About this task ▸
If an entry holds a picture, drop the picture but restate the entry word for word.

***

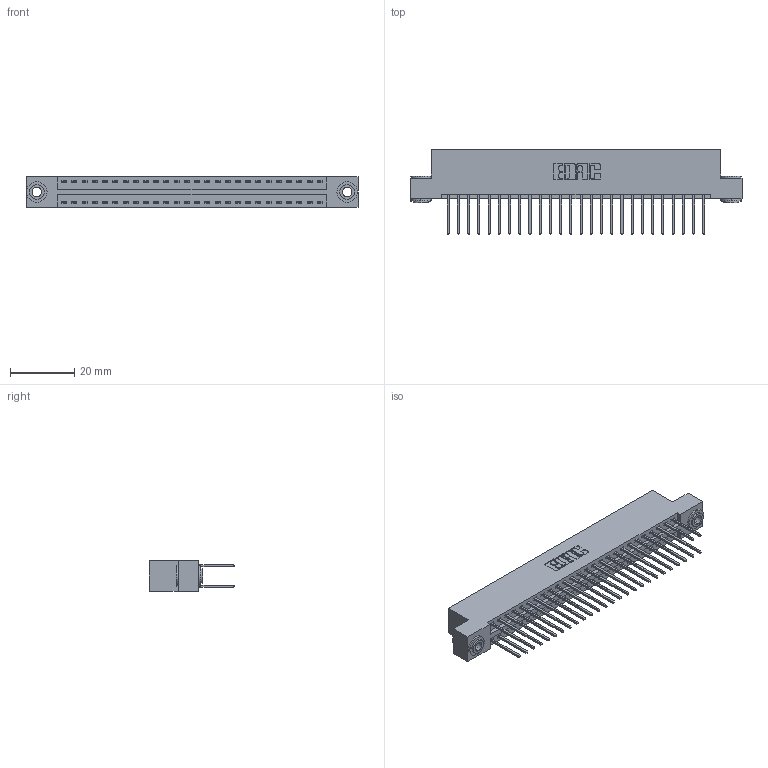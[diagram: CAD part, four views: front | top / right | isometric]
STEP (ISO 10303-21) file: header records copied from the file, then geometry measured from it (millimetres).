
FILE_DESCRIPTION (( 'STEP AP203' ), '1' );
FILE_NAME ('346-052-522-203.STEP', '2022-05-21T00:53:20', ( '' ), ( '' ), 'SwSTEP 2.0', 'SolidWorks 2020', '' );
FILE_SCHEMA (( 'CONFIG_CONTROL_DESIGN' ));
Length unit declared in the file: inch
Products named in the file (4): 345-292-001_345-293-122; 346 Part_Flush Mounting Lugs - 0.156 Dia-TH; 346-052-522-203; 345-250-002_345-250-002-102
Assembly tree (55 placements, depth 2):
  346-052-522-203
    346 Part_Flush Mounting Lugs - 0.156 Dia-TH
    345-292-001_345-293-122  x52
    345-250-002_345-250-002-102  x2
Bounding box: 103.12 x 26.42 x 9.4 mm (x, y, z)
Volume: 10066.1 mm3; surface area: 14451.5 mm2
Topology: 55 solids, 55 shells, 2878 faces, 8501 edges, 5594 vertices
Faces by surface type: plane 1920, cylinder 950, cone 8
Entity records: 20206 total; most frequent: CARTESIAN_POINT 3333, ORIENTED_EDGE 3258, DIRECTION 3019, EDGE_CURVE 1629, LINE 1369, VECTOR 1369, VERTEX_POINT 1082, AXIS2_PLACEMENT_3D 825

***

Solution ▸
[diagram: CAD part, four views: front | top / right | isometric]
STEP (ISO 10303-21) file: header records copied from the file, then geometry measured from it (millimetres).
FILE_DESCRIPTION (( 'STEP AP203' ), '1' );
FILE_NAME ('346-052-522-203.STEP', '2022-05-21T00:53:20', ( '' ), ( '' ), 'SwSTEP 2.0', 'SolidWorks 2020', '' );
FILE_SCHEMA (( 'CONFIG_CONTROL_DESIGN' ));
Length unit declared in the file: inch
Products named in the file (4): 345-292-001_345-293-122; 346 Part_Flush Mounting Lugs - 0.156 Dia-TH; 346-052-522-203; 345-250-002_345-250-002-102
Assembly tree (55 placements, depth 2):
  346-052-522-203
    346 Part_Flush Mounting Lugs - 0.156 Dia-TH
    345-292-001_345-293-122  x52
    345-250-002_345-250-002-102  x2
Bounding box: 103.12 x 26.42 x 9.4 mm (x, y, z)
Volume: 10066.1 mm3; surface area: 14451.5 mm2
Topology: 55 solids, 55 shells, 2878 faces, 8501 edges, 5594 vertices
Faces by surface type: plane 1920, cylinder 950, cone 8
Entity records: 20206 total; most frequent: CARTESIAN_POINT 3333, ORIENTED_EDGE 3258, DIRECTION 3019, EDGE_CURVE 1629, LINE 1369, VECTOR 1369, VERTEX_POINT 1082, AXIS2_PLACEMENT_3D 825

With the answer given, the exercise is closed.